Saturday, April 17, 2010

What to see (and dig) in my Open Garden

Since people tend to see more when they know what they are looking for, and an April garden is a bit sparse, I thought I would suggest what you might look for next Saturday, April 24, from 9:00 to 11:00 AM at 56 Gordonhurst Avenue, Montclair.. If you want to "Oh, wow!"" come on July 10 and/or Sept. 11.

If you haven't been here before, be sure to notice the solar panels on the roof (which can be seen only in the back of the back yard) and the greenhouse window sticking out of our kitchen window. My brother-in-law installed it from a commercial kit 30 years ago, and I am very pleased with it. You may have a similarly talented relative, or I suspect handyman Stephane Mortier would be glad to help you install one.

A cold frame that you are not likely to miss holds Burpees 2-season Chinese cabbage, planted in August and harvested all winter, and lettuce at various stages. More lettuce has recently germinated in the opposite side of my garden, and mature lettuce can be seen in the greenhouse window, where it has been harvested all winter. More lettuce has volunteered near the entrance to the inner garden.

Floating cover that admits both light and water is over some crops. This is used to keep crops warm in colder weather, but is now being used as protection from pests. I am currently protecting mature collards that we are eating now in an effort to deter wayward woodchucks. There is also some over broccoli because apparently broccoli leaves have become rabbit food. I use it for a couple months each spring to keep more traditional pests (insects and birds) off the seeds and seedlings of root crops -- carrots, parsnips, and beets this year, all planted in April. That is my biggest FC.

Wall of waters (WOWs) are around at least one tomato plant. I would have taken these off, but I knew you were coming. You will see lots of tomato plants. I started the sweet-100s (red) in January and the sun golds (yellow) in February. They both have flowers! Can you see any little tomatoes?

Other veggies include: garlic in odd spots; one kale plant; hukarei turnips, both some of respectable size and some that just germinated; newly planted-out celery just inside the inner garden, abundant arugula that we do eat but are primarily there to keep woodchucks from broccoli, small pak choi plants inside the fence that were supposed to protect the climbing peas; sugar snap peas readying to climb the fence apparently faster than their protectors; and shorter, earlier peas next to the grape vine. With luck, some corn and beans seedlings will be popping up to their left, sown where I removed the primary cold frame. Celery seedlings coddled inside and not appetizing to woodchucks are along the inside of the fence, interspersed with parsley, which is woodchuck food.

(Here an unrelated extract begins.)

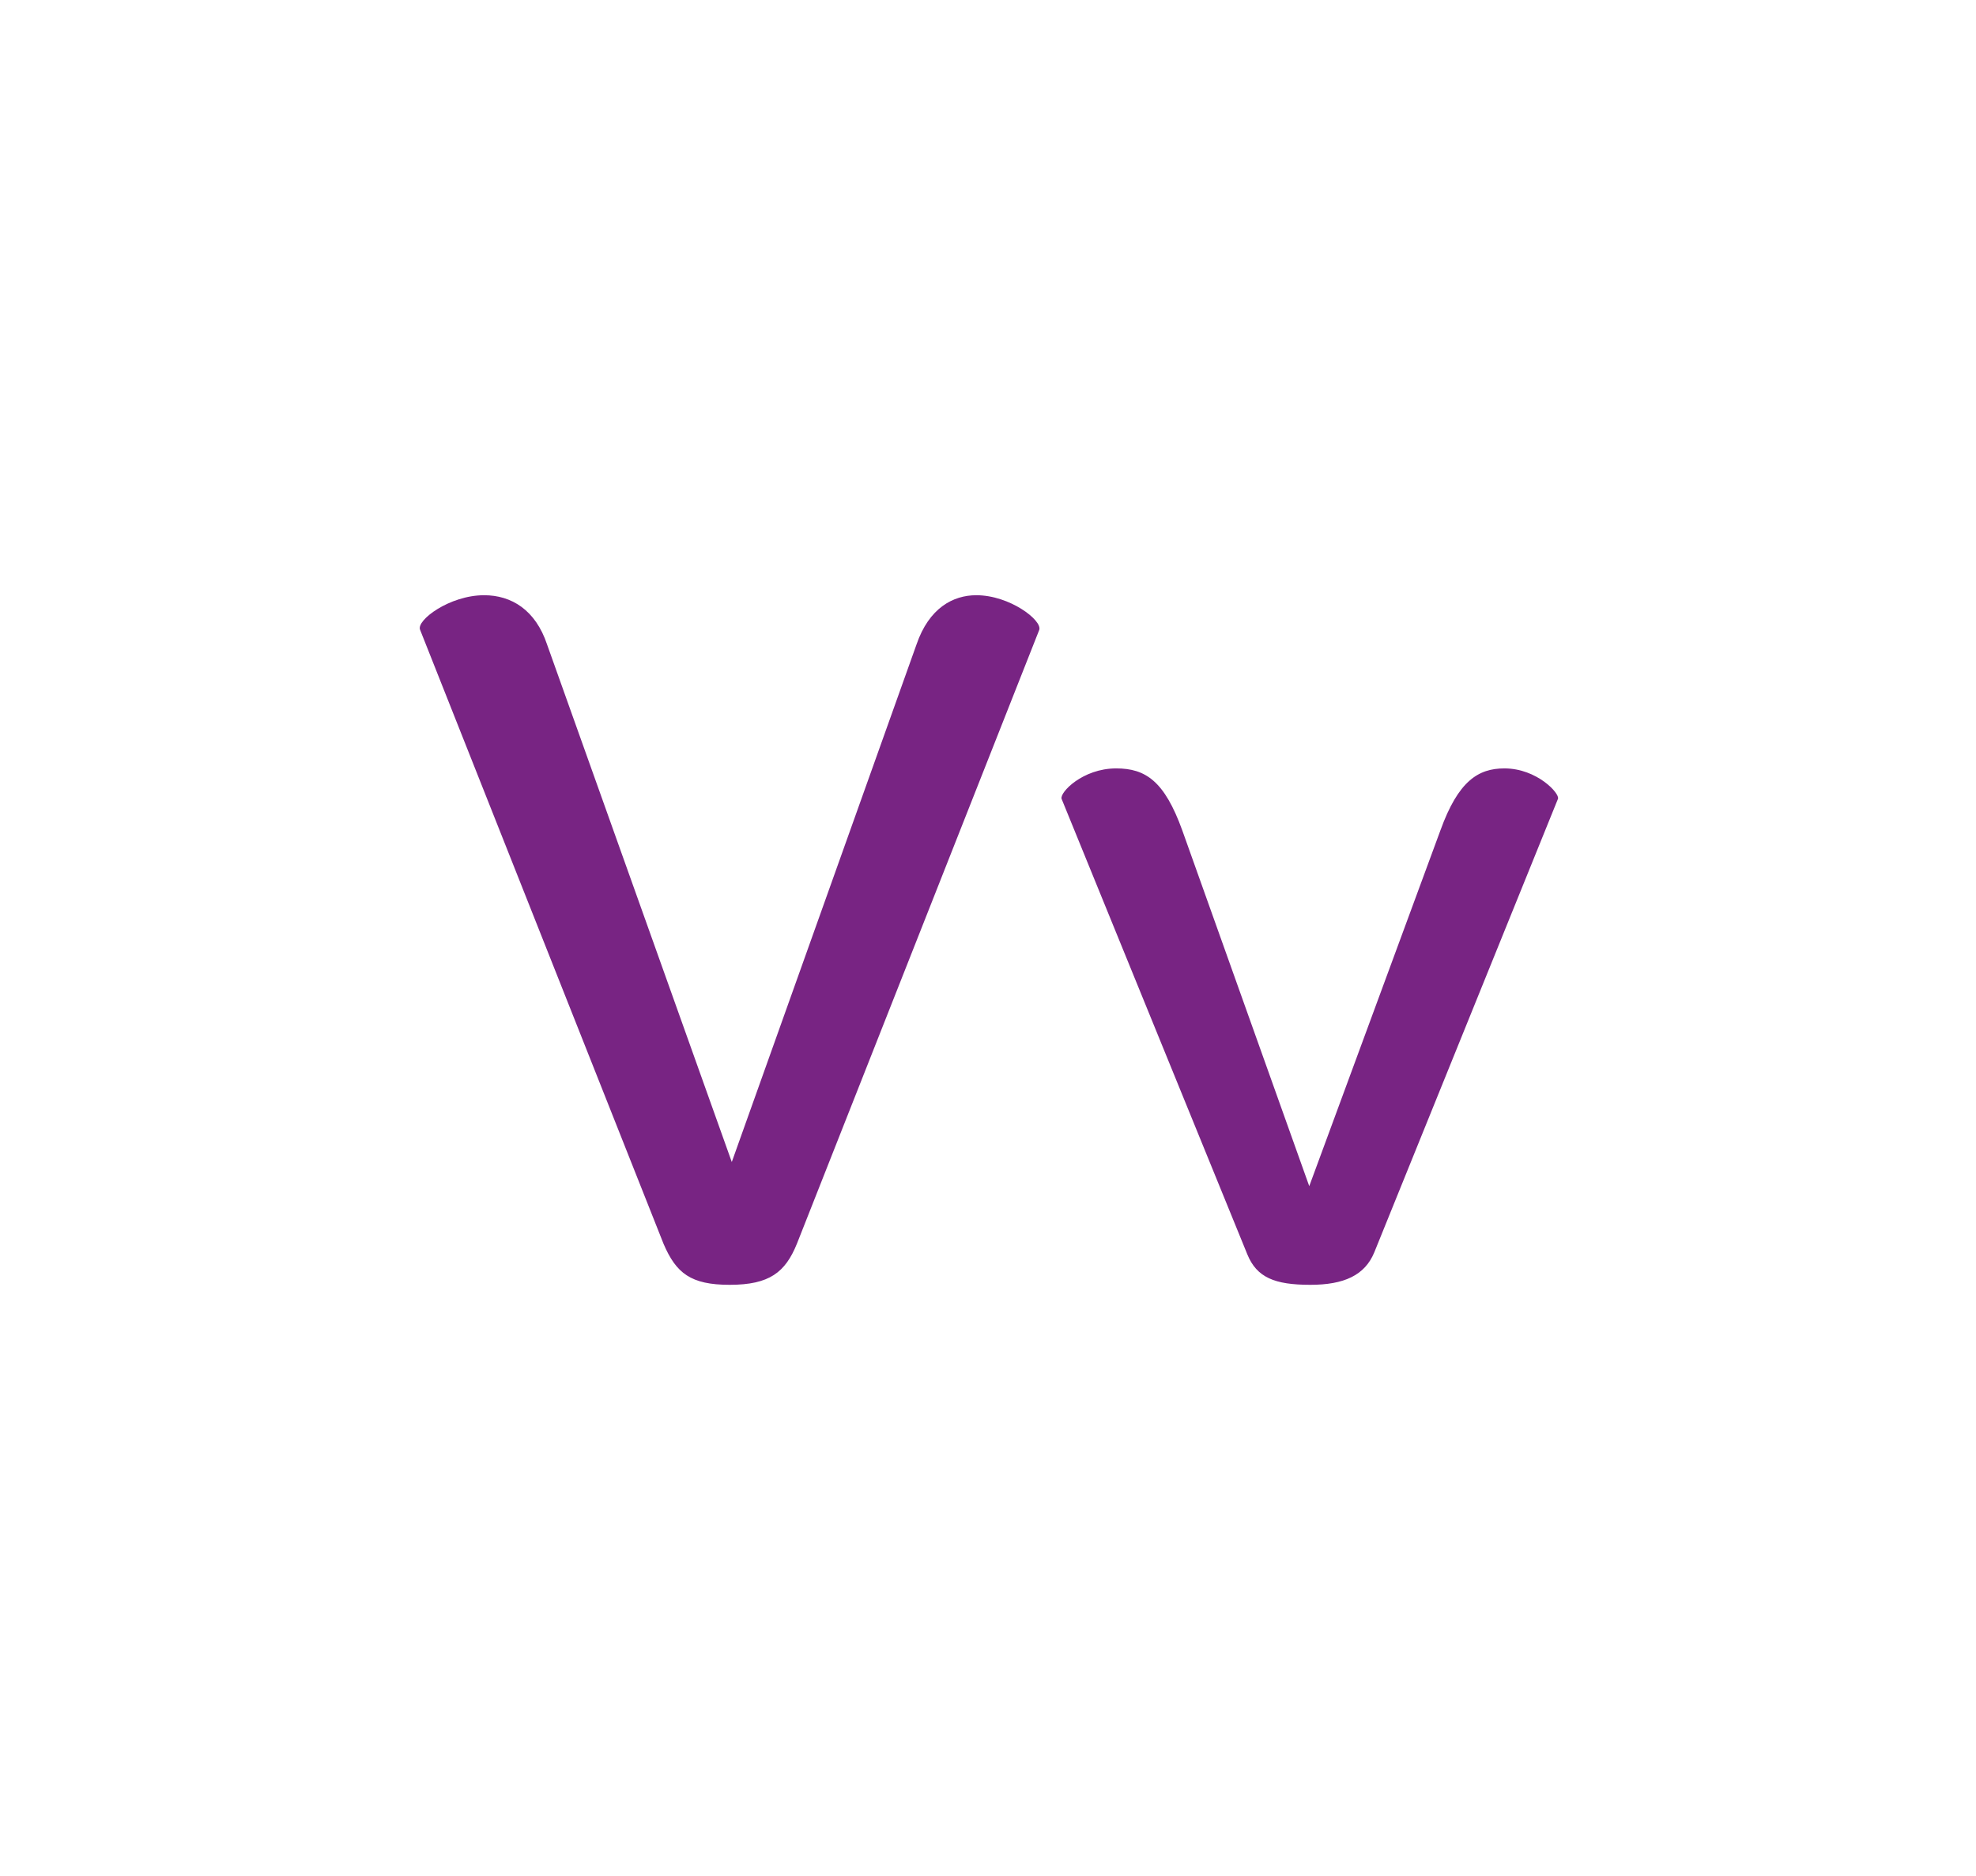 <svg width="354" height="336" viewBox="0 0 354 336" fill="none" xmlns="http://www.w3.org/2000/svg">
<path d="M130.723 230.128C123.767 230.128 121.135 228.06 118.879 222.796L75.263 112.816C74.511 111.124 80.527 106.612 86.731 106.612C91.619 106.612 95.943 109.244 98.011 115.448L131.099 208.132L164.187 115.448C166.443 108.868 170.767 106.612 174.903 106.612C180.919 106.612 186.747 111.124 186.183 112.816L142.755 222.796C140.687 227.872 137.867 230.128 130.723 230.128ZM223.46 224.676L190.184 143.084C189.808 141.956 193.944 137.632 199.96 137.632C205.224 137.632 208.608 139.888 211.804 148.724L234.552 212.456L258.052 148.724C261.248 139.888 264.82 137.632 269.52 137.632C275.348 137.632 279.484 142.144 279.108 143.084L246.208 224.3C244.516 228.436 240.756 230.128 234.74 230.128C228.348 230.128 225.152 228.812 223.46 224.676Z" fill="#782483"/>
</svg>

Flowers include bulbs and (probably still blooming) and lilacs. Columbine volunteers at odd spots. Shakespeare wrote repeatedly of "sweet
columbine." Bulbs were not brought from the Middle East until after his death, so I suspect columbine was the first flower he saw each spring.
Most exciting to me are the small red primroses in front of the holly tree and near to the curb, descended from those of my great-grandfather.

The anti-woodchuck plant (name unknown - can anyone inform me?) has planted itself in seven spots around the garden. Here's hoping it's successful! The Irish Spring soap stuffed in the fences keep away deer. successful this year! Vacant spots are still available for supersteak tomatoes, peppers, eggplants, zucchini, cucumbers, and basil. Their seedlings are now in the greenhouse window, but if you come back Saturday, May 22, 9-11 AM, you can see them planted in the ground.

Bring bag(s) and/or pot(s) if you want to dig and take home some strawberries, oregano, Dutch iris, fern, and/or periwinkle (aka myrtle, vinca) plants. You may bring digging tools, but I probably have enough for you to borrow. There are a couple of baby lilac bushes for the first-comers.

Helen wrote me the following on April 15. " has predictions for the next 15 days. The lowest they predict is 39 degrees on Sun 4/18 and Friday 4/23." I am getting nervy about planting things out!